Soon afterward, the team found evidence bolstering the supposition that the outer planets in the system could hold significant stores of water. “It’s amazing how quickly our perspective on this [system] has changed,” de Wit— then a postdoc in the group of Sara Seager, Class of 1941 Professor of Physics and Planetary Science—told MIT News in 2017. “It’s a steep learning curve that is really exciting.” In July 2018, de Wit began a faculty appointment as assistant professor in MIT’s Department of Earth, Atmospheric, and Planetary Sciences (EAPS).
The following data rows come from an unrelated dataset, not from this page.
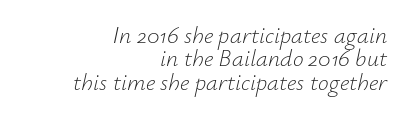
A typesetter would mark this as italic. Vertical spacing — tight. One-word summary of the alignment: right. Anything drawn beneath the words? Only blank space. Weight: not bold — regular or lighter. Does extra space separate the letters? No, they use regular spacing.
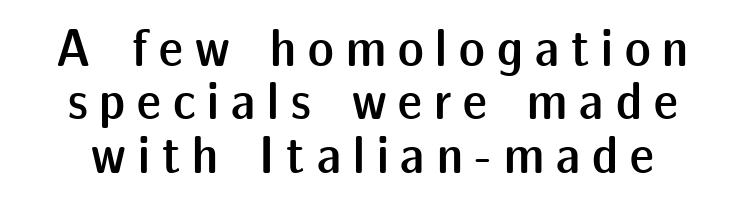
{"serif": "no", "italic": "no", "bold": "semi", "weight": "semibold", "width": "normal", "stroke_contrast": "low", "x_height": "medium", "monospaced": "no", "underline": "no", "line_spacing": "tight", "line_spacing_ratio": 0.99, "letter_spacing": "wide", "letter_spacing_em": 0.22, "glyph_px": 54}
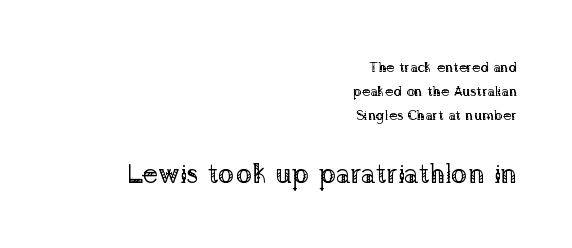
{"serif": "yes", "italic": "no", "bold": "no", "weight": "regular", "width": "normal", "stroke_contrast": "low", "x_height": "medium", "monospaced": "no", "underline": "no", "align": "right", "line_spacing_ratio": 1.71, "letter_spacing": "normal", "letter_spacing_em": 0.0, "larger_block": "second", "size_ratio": 2.0, "glyph_px": 28}
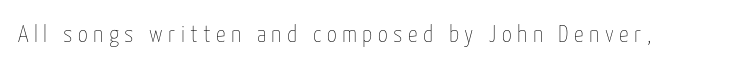
{"italic": "no", "bold": "no", "underline": "no", "letter_spacing": "wide", "letter_spacing_em": 0.23, "glyph_px": 24}
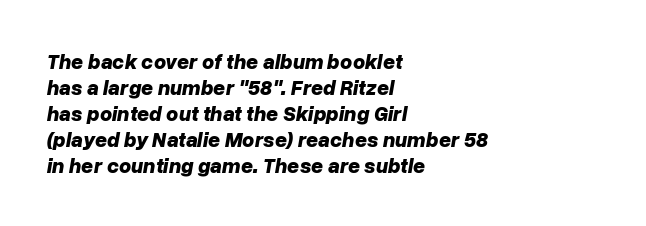
The image shows 21 px bold type, italic (leaning right); set left-aligned, line spacing 1.24x, normal letter spacing, not underlined.
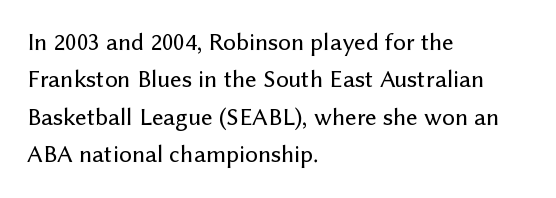
Q: Is the text italic (slanted)? A: No, it is upright.
Q: Is the text underlined? A: No.
Q: How is the paragraph aligned? A: Left-aligned.
Q: Is the spacing between letters normal or unusually wide? A: Normal.
Q: Is the spacing between lines tight, normal or loose? A: Normal.

De Wit now leads the effort to characterize the atmospheres of the newly discovered TRAPPIST-1 planets. So far, using the Hubble Space Telescope, his team has ruled out the presence of hydrogen-dominated atmospheres (which would be typical of inhospitable, gaseous planets such as Neptune) for the five innermost planets of the system. These results strengthen the case that Earthlike conditions could potentially exist within the system, and lay the groundwork for more targeted observations via NASA’s James Webb Space Telescope, scheduled to launch in 2021.

De Wit is also involved in the effort to establish an observatory in the Northern Hemisphere (part of a project whimsically dubbed SPECULOOS, after a popular cookie from de Wit’s native Belgium). This new network of telescopes will expand upon the TRAPPIST prototype, continuing the search for new potentially habitable systems.

According to de Wit, “The door now stands open to expanding our understanding of planetary systems, habitats, life, and ultimately our own planet, through the discovery and study of new terrestrial exoplanets that can be characterized in-depth. This has the potential to be paradigm-shifting.”